*What is required*:
Images do not belong in the copy. Retype all the entries below exactly.

--- Extracted data Enclosed Below ---

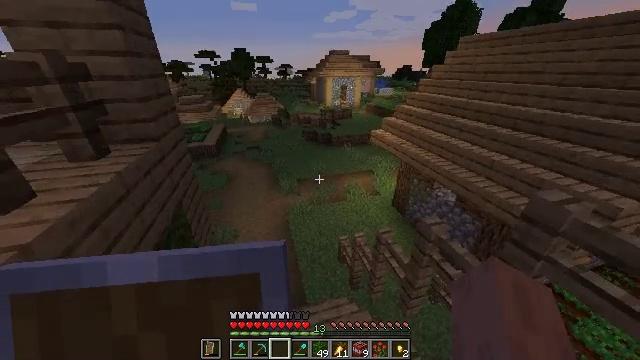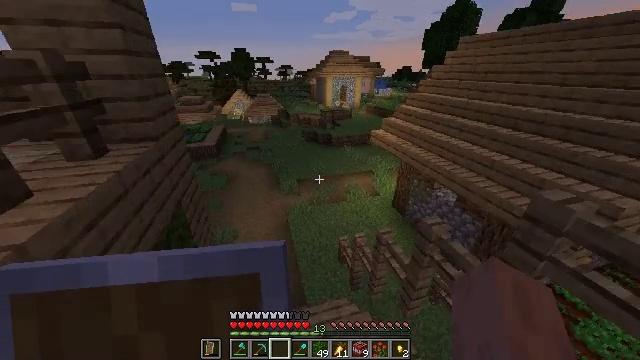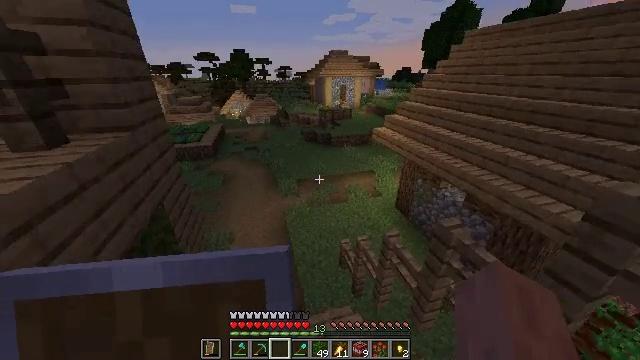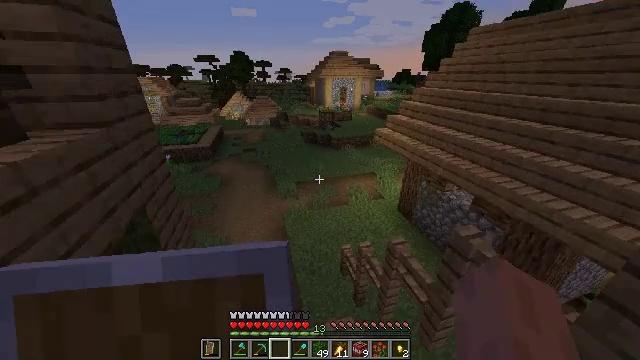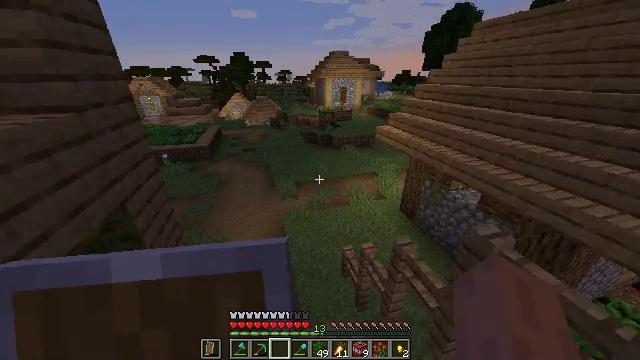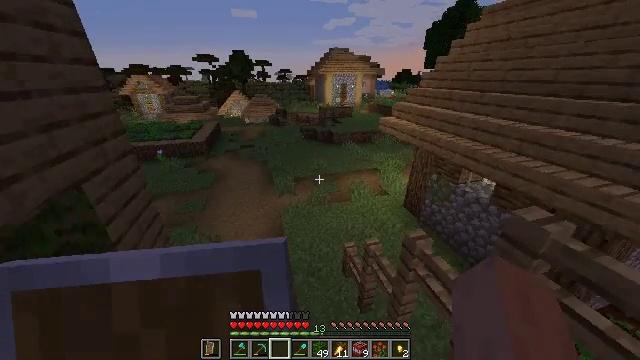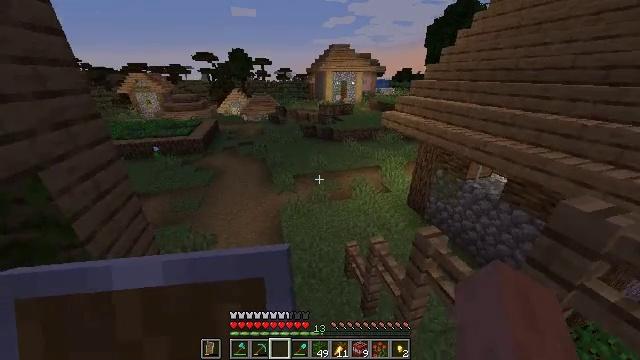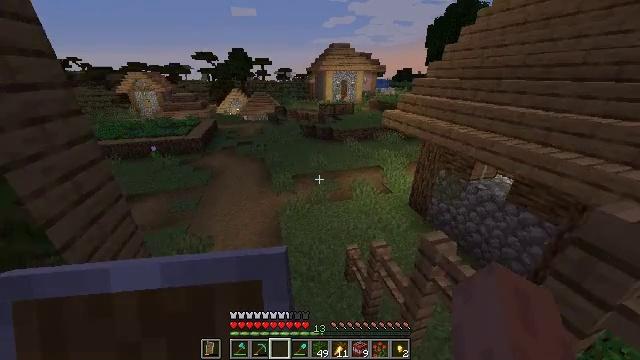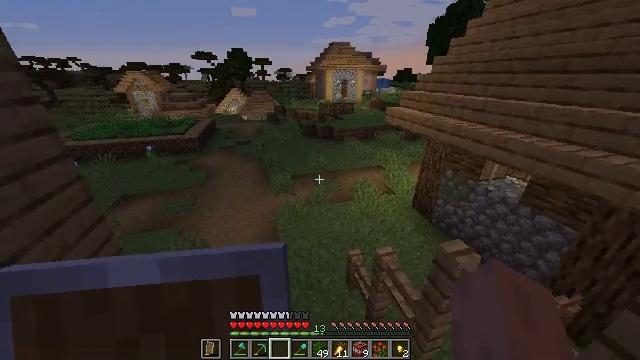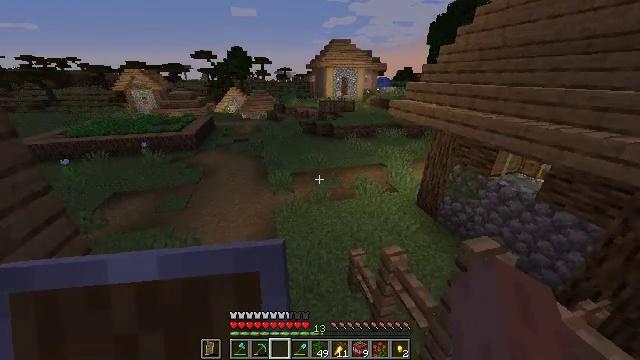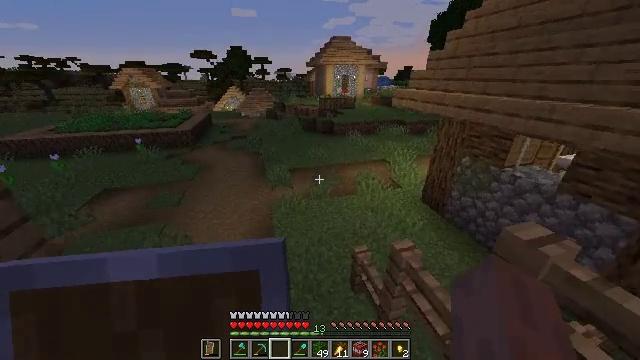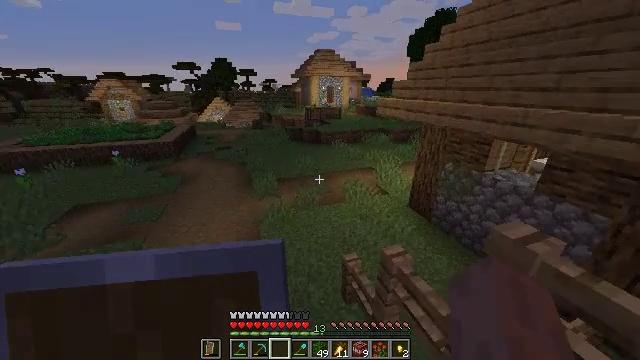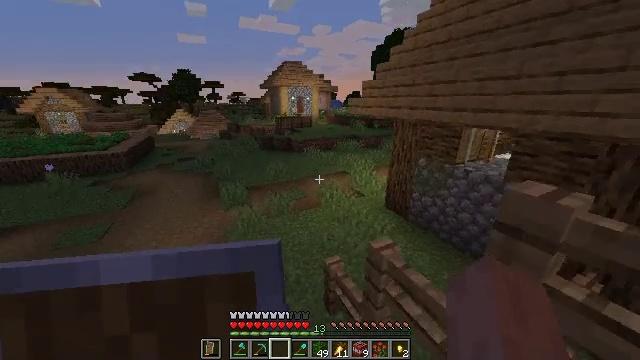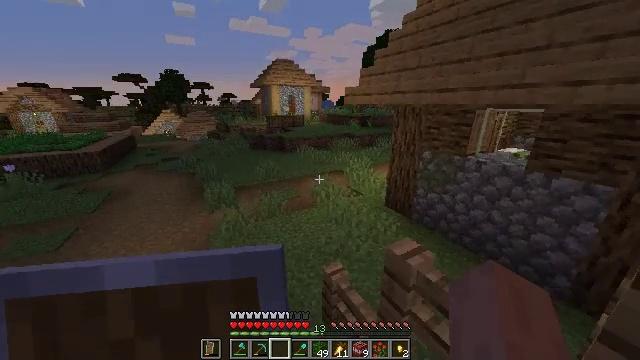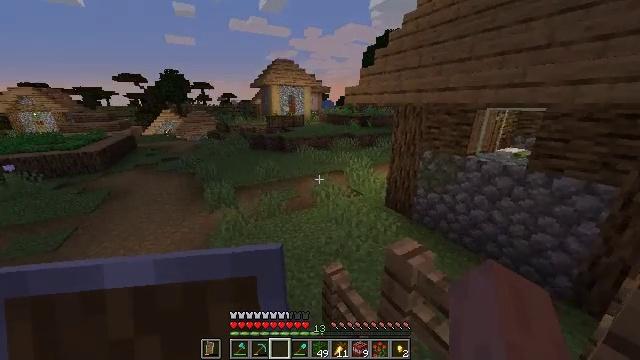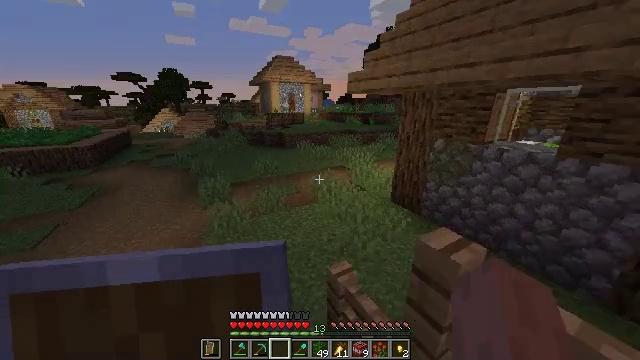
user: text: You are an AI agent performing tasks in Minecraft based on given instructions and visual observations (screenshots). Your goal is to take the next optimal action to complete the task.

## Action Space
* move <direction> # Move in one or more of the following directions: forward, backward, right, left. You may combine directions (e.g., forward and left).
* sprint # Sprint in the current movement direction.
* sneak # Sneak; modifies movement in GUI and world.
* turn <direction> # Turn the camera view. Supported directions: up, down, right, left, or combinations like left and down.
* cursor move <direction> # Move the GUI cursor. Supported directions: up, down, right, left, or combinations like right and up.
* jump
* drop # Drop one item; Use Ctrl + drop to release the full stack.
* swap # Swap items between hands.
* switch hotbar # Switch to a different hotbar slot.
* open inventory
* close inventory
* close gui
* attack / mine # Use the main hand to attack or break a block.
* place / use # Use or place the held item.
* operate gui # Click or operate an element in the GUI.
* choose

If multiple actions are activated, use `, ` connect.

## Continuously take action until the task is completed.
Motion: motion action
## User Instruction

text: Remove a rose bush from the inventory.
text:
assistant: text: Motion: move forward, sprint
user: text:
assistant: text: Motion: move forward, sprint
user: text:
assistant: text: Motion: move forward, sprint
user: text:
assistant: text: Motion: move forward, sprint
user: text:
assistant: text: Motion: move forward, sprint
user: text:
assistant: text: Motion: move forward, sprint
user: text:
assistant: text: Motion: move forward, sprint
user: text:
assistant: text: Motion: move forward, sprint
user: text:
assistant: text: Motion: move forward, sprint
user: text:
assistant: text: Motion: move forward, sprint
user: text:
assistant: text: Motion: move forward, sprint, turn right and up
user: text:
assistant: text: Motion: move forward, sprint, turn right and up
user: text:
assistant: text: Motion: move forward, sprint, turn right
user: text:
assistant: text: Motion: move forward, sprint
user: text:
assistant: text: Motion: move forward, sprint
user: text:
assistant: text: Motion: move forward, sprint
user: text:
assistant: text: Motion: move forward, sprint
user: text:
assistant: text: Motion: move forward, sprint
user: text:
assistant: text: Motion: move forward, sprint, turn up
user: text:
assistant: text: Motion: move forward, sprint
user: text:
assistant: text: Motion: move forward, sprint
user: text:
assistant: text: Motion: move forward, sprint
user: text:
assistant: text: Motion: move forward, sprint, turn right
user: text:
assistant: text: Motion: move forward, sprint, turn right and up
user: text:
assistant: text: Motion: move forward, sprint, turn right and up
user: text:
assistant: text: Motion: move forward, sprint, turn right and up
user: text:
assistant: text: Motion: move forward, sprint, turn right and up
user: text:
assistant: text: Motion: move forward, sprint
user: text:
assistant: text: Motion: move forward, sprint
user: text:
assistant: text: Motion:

--- End of Enclosed Extracted data ---

*Solution*:
user: text: You are an AI agent performing tasks in Minecraft based on given instructions and visual observations (screenshots). Your goal is to take the next optimal action to complete the task.

## Action Space
* move <direction> # Move in one or more of the following directions: forward, backward, right, left. You may combine directions (e.g., forward and left).
* sprint # Sprint in the current movement direction.
* sneak # Sneak; modifies movement in GUI and world.
* turn <direction> # Turn the camera view. Supported directions: up, down, right, left, or combinations like left and down.
* cursor move <direction> # Move the GUI cursor. Supported directions: up, down, right, left, or combinations like right and up.
* jump
* drop # Drop one item; Use Ctrl + drop to release the full stack.
* swap # Swap items between hands.
* switch hotbar # Switch to a different hotbar slot.
* open inventory
* close inventory
* close gui
* attack / mine # Use the main hand to attack or break a block.
* place / use # Use or place the held item.
* operate gui # Click or operate an element in the GUI.
* choose

If multiple actions are activated, use `, ` connect.

## Continuously take action until the task is completed.
Motion: motion action
## User Instruction

text: Remove a rose bush from the inventory.
text:
assistant: text: Motion: move forward, sprint
user: text:
assistant: text: Motion: move forward, sprint
user: text:
assistant: text: Motion: move forward, sprint
user: text:
assistant: text: Motion: move forward, sprint
user: text:
assistant: text: Motion: move forward, sprint
user: text:
assistant: text: Motion: move forward, sprint
user: text:
assistant: text: Motion: move forward, sprint
user: text:
assistant: text: Motion: move forward, sprint
user: text:
assistant: text: Motion: move forward, sprint
user: text:
assistant: text: Motion: move forward, sprint
user: text:
assistant: text: Motion: move forward, sprint, turn right and up
user: text:
assistant: text: Motion: move forward, sprint, turn right and up
user: text:
assistant: text: Motion: move forward, sprint, turn right
user: text:
assistant: text: Motion: move forward, sprint
user: text:
assistant: text: Motion: move forward, sprint
user: text:
assistant: text: Motion: move forward, sprint
user: text:
assistant: text: Motion: move forward, sprint
user: text:
assistant: text: Motion: move forward, sprint
user: text:
assistant: text: Motion: move forward, sprint, turn up
user: text:
assistant: text: Motion: move forward, sprint
user: text:
assistant: text: Motion: move forward, sprint
user: text:
assistant: text: Motion: move forward, sprint
user: text:
assistant: text: Motion: move forward, sprint, turn right
user: text:
assistant: text: Motion: move forward, sprint, turn right and up
user: text:
assistant: text: Motion: move forward, sprint, turn right and up
user: text:
assistant: text: Motion: move forward, sprint, turn right and up
user: text:
assistant: text: Motion: move forward, sprint, turn right and up
user: text:
assistant: text: Motion: move forward, sprint
user: text:
assistant: text: Motion: move forward, sprint
user: text:
assistant: text: Motion:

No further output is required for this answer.